▸ Assignment:
Please print each entry below exactly as it stands, but without any pictures.
+ + + + +
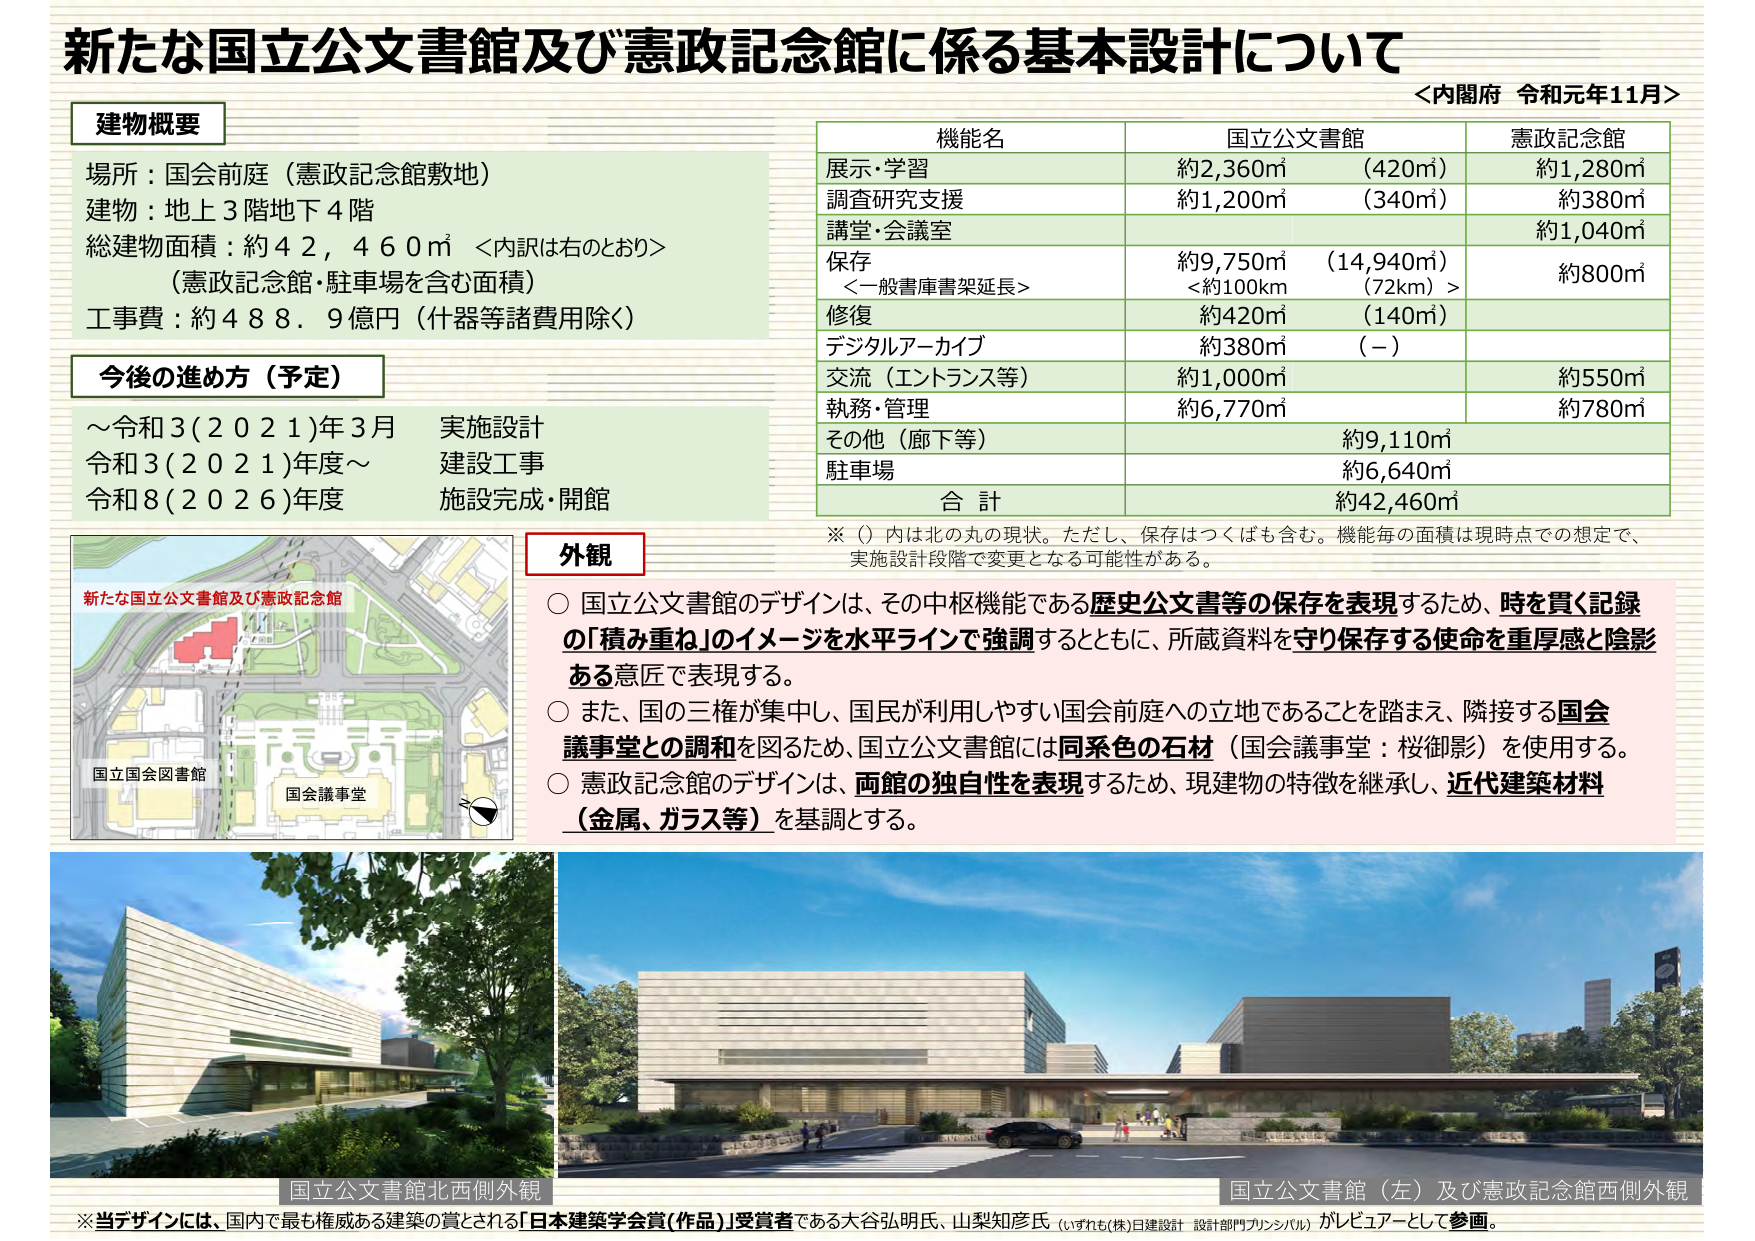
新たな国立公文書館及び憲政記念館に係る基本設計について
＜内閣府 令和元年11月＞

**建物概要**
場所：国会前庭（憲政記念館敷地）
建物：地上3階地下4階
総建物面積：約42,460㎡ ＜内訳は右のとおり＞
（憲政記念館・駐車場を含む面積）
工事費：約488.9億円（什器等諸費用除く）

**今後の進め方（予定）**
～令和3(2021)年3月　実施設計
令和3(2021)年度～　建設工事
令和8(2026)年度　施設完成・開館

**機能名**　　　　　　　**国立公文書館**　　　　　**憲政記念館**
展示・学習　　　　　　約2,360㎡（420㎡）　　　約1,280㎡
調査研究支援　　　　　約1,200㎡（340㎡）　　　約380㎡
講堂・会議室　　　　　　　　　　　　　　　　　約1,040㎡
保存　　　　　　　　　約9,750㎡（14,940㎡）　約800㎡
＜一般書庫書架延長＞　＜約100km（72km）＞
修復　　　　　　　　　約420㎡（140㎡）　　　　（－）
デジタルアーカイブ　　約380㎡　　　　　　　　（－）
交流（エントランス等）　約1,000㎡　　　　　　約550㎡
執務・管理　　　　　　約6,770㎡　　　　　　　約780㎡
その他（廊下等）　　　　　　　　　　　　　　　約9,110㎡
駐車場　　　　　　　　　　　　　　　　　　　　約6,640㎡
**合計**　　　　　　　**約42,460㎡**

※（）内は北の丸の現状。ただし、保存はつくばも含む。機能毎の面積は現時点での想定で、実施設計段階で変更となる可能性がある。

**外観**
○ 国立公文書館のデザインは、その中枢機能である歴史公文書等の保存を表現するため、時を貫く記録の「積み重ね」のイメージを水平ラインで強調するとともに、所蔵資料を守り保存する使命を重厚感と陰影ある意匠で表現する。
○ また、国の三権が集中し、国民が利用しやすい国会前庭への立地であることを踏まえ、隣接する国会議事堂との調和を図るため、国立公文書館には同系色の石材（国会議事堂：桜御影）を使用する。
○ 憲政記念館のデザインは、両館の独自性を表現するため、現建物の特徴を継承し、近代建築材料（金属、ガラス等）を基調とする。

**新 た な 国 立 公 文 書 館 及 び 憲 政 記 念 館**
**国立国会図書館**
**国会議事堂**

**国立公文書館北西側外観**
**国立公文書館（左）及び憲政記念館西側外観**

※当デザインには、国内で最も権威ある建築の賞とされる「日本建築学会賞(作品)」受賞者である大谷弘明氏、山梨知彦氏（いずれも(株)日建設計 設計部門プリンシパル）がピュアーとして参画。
+ + + + +
▸ Answer:
新たな国立公文書館及び憲政記念館に係る基本設計について
＜内閣府 令和元年11月＞

**建物概要**
場所：国会前庭（憲政記念館敷地）
建物：地上3階地下4階
総建物面積：約42,460㎡ ＜内訳は右のとおり＞
（憲政記念館・駐車場を含む面積）
工事費：約488.9億円（什器等諸費用除く）

**今後の進め方（予定）**
～令和3(2021)年3月　実施設計
令和3(2021)年度～　建設工事
令和8(2026)年度　施設完成・開館

**機能名**　　　　　　　**国立公文書館**　　　　　**憲政記念館**
展示・学習　　　　　　約2,360㎡（420㎡）　　　約1,280㎡
調査研究支援　　　　　約1,200㎡（340㎡）　　　約380㎡
講堂・会議室　　　　　　　　　　　　　　　　　約1,040㎡
保存　　　　　　　　　約9,750㎡（14,940㎡）　約800㎡
＜一般書庫書架延長＞　＜約100km（72km）＞
修復　　　　　　　　　約420㎡（140㎡）　　　　（－）
デジタルアーカイブ　　約380㎡　　　　　　　　（－）
交流（エントランス等）　約1,000㎡　　　　　　約550㎡
執務・管理　　　　　　約6,770㎡　　　　　　　約780㎡
その他（廊下等）　　　　　　　　　　　　　　　約9,110㎡
駐車場　　　　　　　　　　　　　　　　　　　　約6,640㎡
**合計**　　　　　　　**約42,460㎡**

※（）内は北の丸の現状。ただし、保存はつくばも含む。機能毎の面積は現時点での想定で、実施設計段階で変更となる可能性がある。

**外観**
○ 国立公文書館のデザインは、その中枢機能である歴史公文書等の保存を表現するため、時を貫く記録の「積み重ね」のイメージを水平ラインで強調するとともに、所蔵資料を守り保存する使命を重厚感と陰影ある意匠で表現する。
○ また、国の三権が集中し、国民が利用しやすい国会前庭への立地であることを踏まえ、隣接する国会議事堂との調和を図るため、国立公文書館には同系色の石材（国会議事堂：桜御影）を使用する。
○ 憲政記念館のデザインは、両館の独自性を表現するため、現建物の特徴を継承し、近代建築材料（金属、ガラス等）を基調とする。

**新 た な 国 立 公 文 書 館 及 び 憲 政 記 念 館**
**国立国会図書館**
**国会議事堂**

**国立公文書館北西側外観**
**国立公文書館（左）及び憲政記念館西側外観**

※当デザインには、国内で最も権威ある建築の賞とされる「日本建築学会賞(作品)」受賞者である大谷弘明氏、山梨知彦氏（いずれも(株)日建設計 設計部門プリンシパル）がピュアーとして参画。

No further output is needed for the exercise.